We had a couple of runs in when we broke for lunch. As always, we discussed moving to Revelstoke and becoming ski bums. We broke from lunch, skied the rest of the run and got into the helicopter for another ride to the top of the world.
After instructions from our guide on spacing and maintaining the distance between us, we skied down. Without a sound, other than the yell of Mike who happened to be looking uphill, we were hit by an avalanche and sent flying. If you can imagine being in a washing machine, you're with me now. How long of a ride I had, I'm not sure. It was long enough to say to myself, "This is big and I'm a goner. Here comes Heaven."
When the avalanche stopped, I was buried at least from my chest down. I broke out with one arm then the other, but I was truly pinned and going absolutely nowhere. Another skier in the group was about 100 feet downhill from me and came up to dig me out. Shortly below him were two others from the group, which was all that was left standing. We had unknown knowledge of just how many skiers were involved. We knew that there were skiers above us, so we quickly and calmly got together and began our beacon search through over the slide debris. The derby was massive the slide zone was tremendous. As it turned out it was about five to six feet deep and the fracture line was some 250 feet wide.
I skied about 1/4 of the way through the slide zone searching with no pick-ups on the beacon. At that point I told the other three searchers that I was going to the bottom and skied directly to the bottom of the runout, where digging efforts were already under way. I got a shovel and began digging side by side with buddy Richard. Our guide was working the beacon and directing us where to dig. Out of my peripheral, I saw someone that had started CPR on an uncovered victim, but things did not look good. What seemed like hours at that time it turned out to be something along the line of 15 minutes. In an avalanche seconds are critical and minutes are horrendous.
During this time others had arrived. I simply cannot say enough of the rescue efforts from the heli-ski company and the many others who arrived in helicopters from areas I did not even know - tremendous!
One of my best and closets friends was still buried and I was frustrated to say the least. We kept digging and working as fast as possible. Someone yelled that they had found a glove. Because of my frustration, I jumped out of the pit I was in and bean digging along the arm and found out it was Mike. I knew he was dead. I saw a chopper evacuate the first unconscious skier. Things did not look good there and a lot of time had since lapsed. In fact, another 20 minutes had ticked off the clock. You cannot imagine what it's like digging out a friend who's closer than your brother, knowing he is dead. That is an experience that words do no justice.

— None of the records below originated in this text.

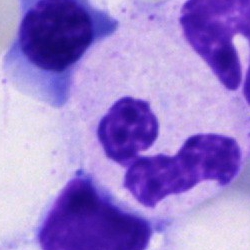Q: Which cell type is shown here?
A: A neutrophil (segmented).
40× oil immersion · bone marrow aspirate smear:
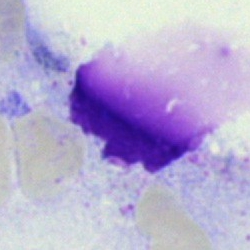Morphology consistent with an artifact.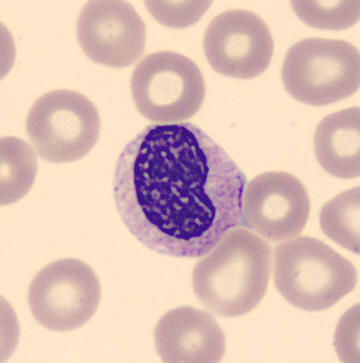
Peripheral blood smear.

Impression → metamyelocyte.
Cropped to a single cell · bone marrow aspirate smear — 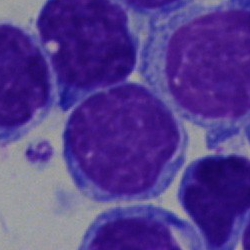

Specimen: bone marrow smear.
Cell type: lymphocyte.
Lineage: lymphoid.
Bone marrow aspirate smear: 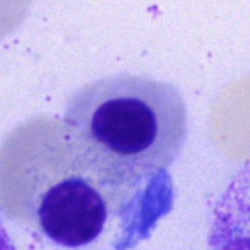 Q: What is the morphological classification of this cell?
A: It is a nucleated red blood cell.
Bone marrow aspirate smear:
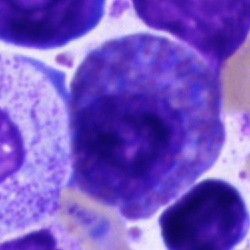 This is an eosinophil.
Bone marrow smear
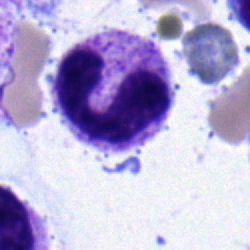

Cell type: band neutrophil.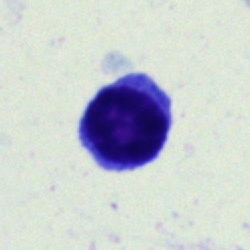

Single cell identified as a lymphocyte.

Upon digging him out I saw it. I had forgotten that Mike was wearing his Avalung. He was unconscious, but alive! Within half a minute after the tunnel of fresh air had got to him, my friend of years was awake! Fortunately nothing was broken and he was A-OK. It did take several additional minutes to dig him out, get an emergency blanket on him and get him safe. I gave, Mike a big kiss and jumped back into the last pit to help finish, the final evacuation.
There were two skiers that passed away that day February 10, 2002, but nine lived. Our guide that morning had given us a test on multiple burials never knowing that we would be put to the ultimate test. Our guide was incredible, walked the ultimate walk and brought nine skiers back that day!
I cannot express my thankfulness to the individuals who helped us and with the companies who came to the rescue. They were seemingly invisible, but just behind a cloud, there when we were in need.
The Avalung saved Mike's life that day. Use it along with the other required safety devices and hopefully you will never go through an episode like this.